TCF4 co-occurring motif combinations analysis

We first extracted the coordinates of the classical motif of TCF4 hit regions within the TCF4 binding sites using MEME mast software and then extended them by 50 bp in both directions[24]. These regions were considered likely regions harboring TCF4 and potential co-factors. We conducted SIOMICS (with options "-e 0.00005 -c 0.05") analysis on these extended regions to identify co-occurring motif combinations of TCF4[25]. TCF4 binding sites in SHSY5Y were obtained from a previous report[8], and the TCF4 co-occurring motif combinations in SH-SY5Y were identified as above.

Psychiatric disorders risk gene enrichment analysis

To determine whether TCF4 targets in hMGEOs were enriched with PSD risk genes, we intersected the identified targets with the risk gene list of de novo variants of PSD from Fromer et al[26], and performed enrichment analysis using Fisher's exact one-sided test.

TCF4 and target genes expression correlation analysis

We calculated cell type-specific mean expression within each gestational week based on scRNA-Seq data from human embryonic prefrontal cortex[10].

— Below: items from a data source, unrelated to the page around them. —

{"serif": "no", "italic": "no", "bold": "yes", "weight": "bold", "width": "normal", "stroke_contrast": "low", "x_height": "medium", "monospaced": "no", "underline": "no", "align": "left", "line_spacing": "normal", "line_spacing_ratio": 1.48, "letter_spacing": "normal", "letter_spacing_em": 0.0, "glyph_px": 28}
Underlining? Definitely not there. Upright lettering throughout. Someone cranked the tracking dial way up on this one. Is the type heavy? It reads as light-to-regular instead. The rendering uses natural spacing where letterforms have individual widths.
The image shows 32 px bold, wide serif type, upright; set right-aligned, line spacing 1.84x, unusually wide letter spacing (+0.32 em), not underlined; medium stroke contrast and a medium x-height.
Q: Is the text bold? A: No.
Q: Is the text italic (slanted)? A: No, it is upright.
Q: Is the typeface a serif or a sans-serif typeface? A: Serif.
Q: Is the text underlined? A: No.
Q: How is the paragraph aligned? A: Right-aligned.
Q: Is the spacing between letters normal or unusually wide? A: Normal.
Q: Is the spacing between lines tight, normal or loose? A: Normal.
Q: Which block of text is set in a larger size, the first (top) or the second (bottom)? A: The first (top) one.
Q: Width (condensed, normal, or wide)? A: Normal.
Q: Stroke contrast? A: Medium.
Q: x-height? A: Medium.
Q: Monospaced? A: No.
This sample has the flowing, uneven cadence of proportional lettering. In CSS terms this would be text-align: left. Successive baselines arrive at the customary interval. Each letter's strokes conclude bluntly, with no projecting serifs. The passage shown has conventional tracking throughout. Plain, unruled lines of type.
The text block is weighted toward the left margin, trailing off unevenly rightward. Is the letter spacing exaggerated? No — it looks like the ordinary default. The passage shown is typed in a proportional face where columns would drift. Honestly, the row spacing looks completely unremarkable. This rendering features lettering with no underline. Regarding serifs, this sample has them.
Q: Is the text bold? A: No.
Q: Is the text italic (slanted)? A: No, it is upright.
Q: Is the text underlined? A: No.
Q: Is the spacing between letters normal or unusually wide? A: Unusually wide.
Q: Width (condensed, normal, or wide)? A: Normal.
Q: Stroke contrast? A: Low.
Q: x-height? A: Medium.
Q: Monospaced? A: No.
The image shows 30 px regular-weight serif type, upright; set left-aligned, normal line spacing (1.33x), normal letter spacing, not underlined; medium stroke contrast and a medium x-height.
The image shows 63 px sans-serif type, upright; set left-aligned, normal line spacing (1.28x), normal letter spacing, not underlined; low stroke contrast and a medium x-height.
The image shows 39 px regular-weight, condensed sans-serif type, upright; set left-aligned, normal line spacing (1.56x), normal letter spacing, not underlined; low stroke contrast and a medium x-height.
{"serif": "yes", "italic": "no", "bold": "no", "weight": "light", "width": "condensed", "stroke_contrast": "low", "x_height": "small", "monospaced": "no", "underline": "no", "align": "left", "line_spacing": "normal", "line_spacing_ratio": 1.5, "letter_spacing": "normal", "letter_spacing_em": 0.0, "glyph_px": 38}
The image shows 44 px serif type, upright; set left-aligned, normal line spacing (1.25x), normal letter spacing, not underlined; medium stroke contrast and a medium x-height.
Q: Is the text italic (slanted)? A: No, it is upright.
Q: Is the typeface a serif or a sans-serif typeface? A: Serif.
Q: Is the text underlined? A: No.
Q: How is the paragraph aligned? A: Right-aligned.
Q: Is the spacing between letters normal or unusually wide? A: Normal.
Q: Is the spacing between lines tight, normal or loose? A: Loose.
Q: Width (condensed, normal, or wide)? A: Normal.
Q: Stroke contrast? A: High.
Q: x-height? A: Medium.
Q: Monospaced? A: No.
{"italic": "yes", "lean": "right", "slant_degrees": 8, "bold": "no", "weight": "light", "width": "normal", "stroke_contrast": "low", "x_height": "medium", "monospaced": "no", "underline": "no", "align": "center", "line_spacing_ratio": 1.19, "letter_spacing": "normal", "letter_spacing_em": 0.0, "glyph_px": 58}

To analyze correlations between TCF4 and target genes across gestational weeks in cortical interneuron,Pearson correlation analysis was conducted using mean values for TCF4 at nine gestational weeks in cortical interneuron and mean expression values of each target gene of all gestational weeks in cortical interneuron. Target genes with a correlation P-value less than 0.05 and a correlation coefficient greater than 0 were positively correlated with TCF4 expression. Conversely, target genes with a P-value less than 0.05 and a correlation coefficient less than 0 were negatively correlated with TCF4 expression.

Statistical analysis

ChIP-qPCR data were reported as mean ± standard deviation (SD). Statistical analysis was performed with a Student's t-test in R software. Other statistical tests performed were listed in the respective figure legends or sections of methods.

Data availability

All public data were available from Gene Expression Omnibus (GEO). The single cell expression dataset from the human embryonic brain was downloaded under the accession number GSE104276[10]and GSE103723[11]. The single cell expression dataset from human medial ganglionic eminence-like organoids (Day 30 and Day 72, H1 human ES cells, and human iPSC 1090) and corticallike organoids were downloaded under the accession number GSE98201[27]. The H3K27ac and H3K4me3 ChIP-seq dataset of the human fetal brain were downloaded under the accession number GSE63634[28]. The two TCF4 ChIP-seq dataset were downloaded under the accession number GSE96915[8]and GSE112704[9].

Results

Validation of TCF4 antibody

The anti-TCF4 antibody used met the specificity and sensitivity quality control criteria for ChIP antibody in ENCODE guidelines[14]and detected the two TCF4 isoforms in SH-SY5Y, TCF4-B (72 kDa)and TCF4-A (55 kDa) (Fig. 1A). The previous study by Forrest et al have shown that TCF4 regulates gene expression of SYPL1, CHRNB4, OPRD1, and RNU5F-1DNA in SH-SY5Y, which was confirmed by our findings that TCF4-bound DNA fragments within or nearby the SYPL1, CHRNB4, OPRD1, and RNU5F-1 were significantly enriched in our ChIP experiment(Fig. 1B).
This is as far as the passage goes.